WHAT THE TASK REQUIRES: Lines from the beginning of the material below through the line that has "loose? A: Loose." are to be reproduced exactly, but pictures are not.

───── DATA FOR THIS EXERCISE ─────

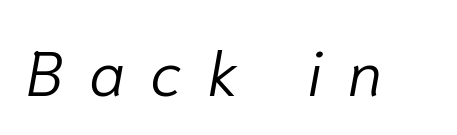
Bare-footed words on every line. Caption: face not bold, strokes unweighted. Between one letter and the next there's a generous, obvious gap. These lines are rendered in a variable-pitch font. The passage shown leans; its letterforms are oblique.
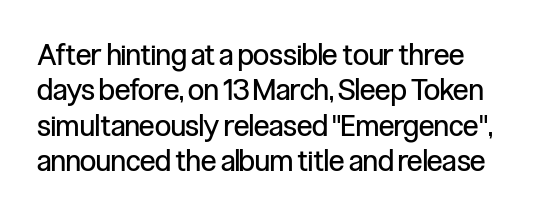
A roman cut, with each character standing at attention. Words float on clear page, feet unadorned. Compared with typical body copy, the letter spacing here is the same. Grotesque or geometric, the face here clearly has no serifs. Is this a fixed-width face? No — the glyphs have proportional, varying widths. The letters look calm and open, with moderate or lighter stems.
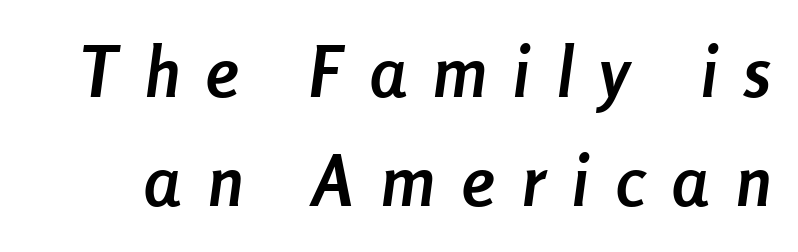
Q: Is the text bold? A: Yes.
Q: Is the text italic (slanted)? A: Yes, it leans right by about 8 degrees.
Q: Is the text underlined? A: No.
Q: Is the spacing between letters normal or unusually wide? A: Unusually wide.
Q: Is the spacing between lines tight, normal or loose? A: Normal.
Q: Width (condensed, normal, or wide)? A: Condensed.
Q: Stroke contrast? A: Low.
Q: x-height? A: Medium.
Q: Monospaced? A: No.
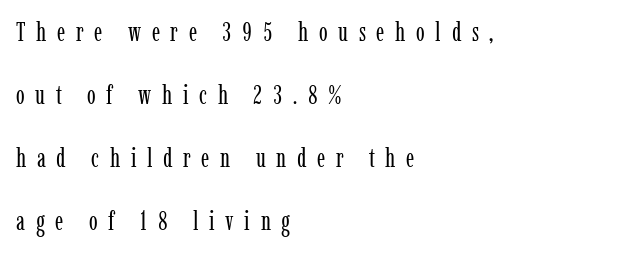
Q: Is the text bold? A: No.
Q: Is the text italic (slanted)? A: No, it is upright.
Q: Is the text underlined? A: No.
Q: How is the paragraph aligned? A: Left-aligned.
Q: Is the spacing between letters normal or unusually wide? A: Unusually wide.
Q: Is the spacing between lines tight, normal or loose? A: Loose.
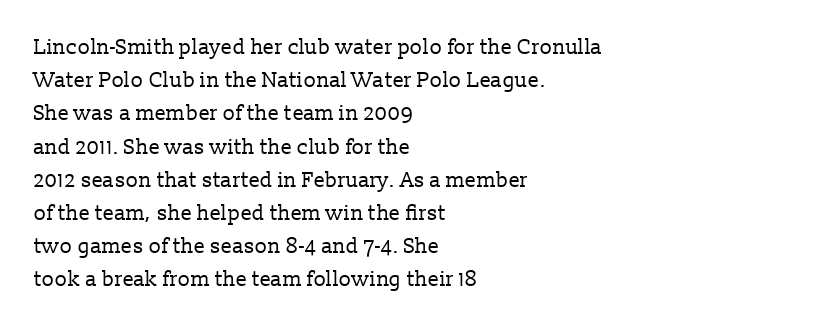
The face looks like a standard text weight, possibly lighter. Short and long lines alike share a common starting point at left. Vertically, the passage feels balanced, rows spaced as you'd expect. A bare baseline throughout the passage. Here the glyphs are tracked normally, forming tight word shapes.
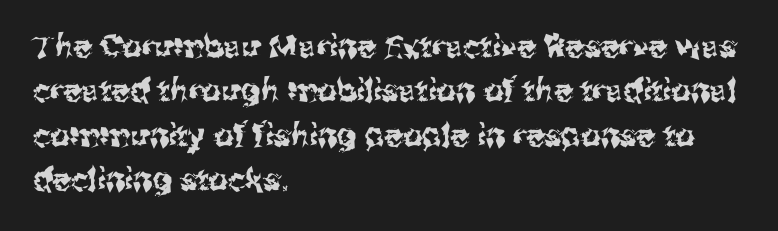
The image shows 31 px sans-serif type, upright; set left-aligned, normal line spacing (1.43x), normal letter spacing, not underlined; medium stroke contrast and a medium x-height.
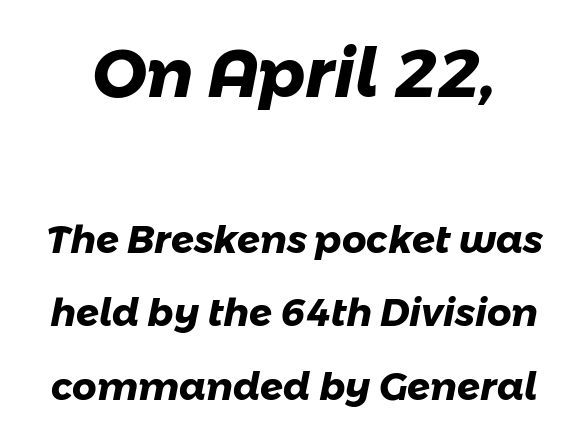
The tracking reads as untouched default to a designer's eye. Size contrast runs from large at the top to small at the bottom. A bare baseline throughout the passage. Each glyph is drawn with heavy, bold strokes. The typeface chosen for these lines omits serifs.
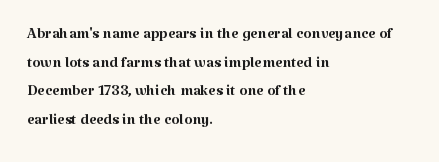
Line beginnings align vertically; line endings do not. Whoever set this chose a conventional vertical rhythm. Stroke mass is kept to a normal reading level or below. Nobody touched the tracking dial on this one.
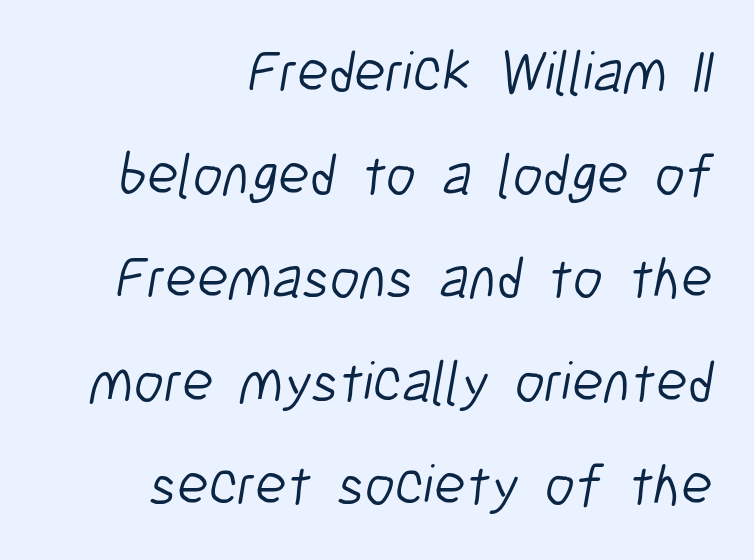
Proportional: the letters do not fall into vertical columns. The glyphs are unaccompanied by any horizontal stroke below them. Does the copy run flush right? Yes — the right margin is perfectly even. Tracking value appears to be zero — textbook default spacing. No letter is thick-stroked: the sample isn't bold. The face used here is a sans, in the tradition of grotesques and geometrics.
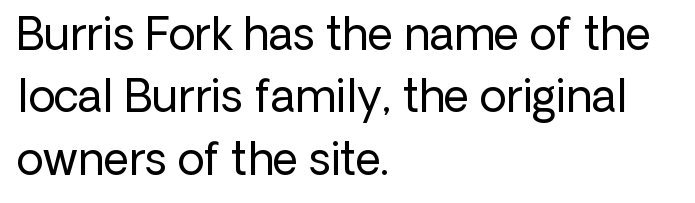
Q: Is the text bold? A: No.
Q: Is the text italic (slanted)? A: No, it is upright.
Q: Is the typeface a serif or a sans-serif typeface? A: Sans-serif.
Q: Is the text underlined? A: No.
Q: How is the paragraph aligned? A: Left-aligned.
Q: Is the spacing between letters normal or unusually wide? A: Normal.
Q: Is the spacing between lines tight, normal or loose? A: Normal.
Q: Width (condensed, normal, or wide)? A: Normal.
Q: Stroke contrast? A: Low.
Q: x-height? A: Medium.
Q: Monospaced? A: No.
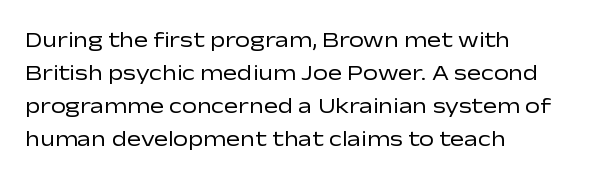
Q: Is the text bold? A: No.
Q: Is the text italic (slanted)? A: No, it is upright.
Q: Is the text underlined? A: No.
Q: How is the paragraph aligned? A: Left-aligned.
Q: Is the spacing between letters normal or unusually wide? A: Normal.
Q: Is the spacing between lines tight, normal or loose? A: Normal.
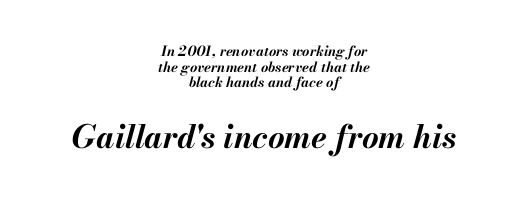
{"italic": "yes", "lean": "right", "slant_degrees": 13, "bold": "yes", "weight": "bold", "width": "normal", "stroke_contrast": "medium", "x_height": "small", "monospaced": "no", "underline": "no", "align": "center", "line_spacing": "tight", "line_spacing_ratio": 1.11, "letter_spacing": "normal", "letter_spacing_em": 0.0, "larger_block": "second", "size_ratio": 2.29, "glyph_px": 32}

─────

WRITTEN SOLUTION:
Bare-footed words on every line. Caption: face not bold, strokes unweighted. Between one letter and the next there's a generous, obvious gap. These lines are rendered in a variable-pitch font. The passage shown leans; its letterforms are oblique.
A roman cut, with each character standing at attention. Words float on clear page, feet unadorned. Compared with typical body copy, the letter spacing here is the same. Grotesque or geometric, the face here clearly has no serifs. Is this a fixed-width face? No — the glyphs have proportional, varying widths. The letters look calm and open, with moderate or lighter stems.
Q: Is the text bold? A: Yes.
Q: Is the text italic (slanted)? A: Yes, it leans right by about 8 degrees.
Q: Is the text underlined? A: No.
Q: Is the spacing between letters normal or unusually wide? A: Unusually wide.
Q: Is the spacing between lines tight, normal or loose? A: Normal.
Q: Width (condensed, normal, or wide)? A: Condensed.
Q: Stroke contrast? A: Low.
Q: x-height? A: Medium.
Q: Monospaced? A: No.
Q: Is the text bold? A: No.
Q: Is the text italic (slanted)? A: No, it is upright.
Q: Is the text underlined? A: No.
Q: How is the paragraph aligned? A: Left-aligned.
Q: Is the spacing between letters normal or unusually wide? A: Unusually wide.
Q: Is the spacing between lines tight, normal or loose? A: Loose.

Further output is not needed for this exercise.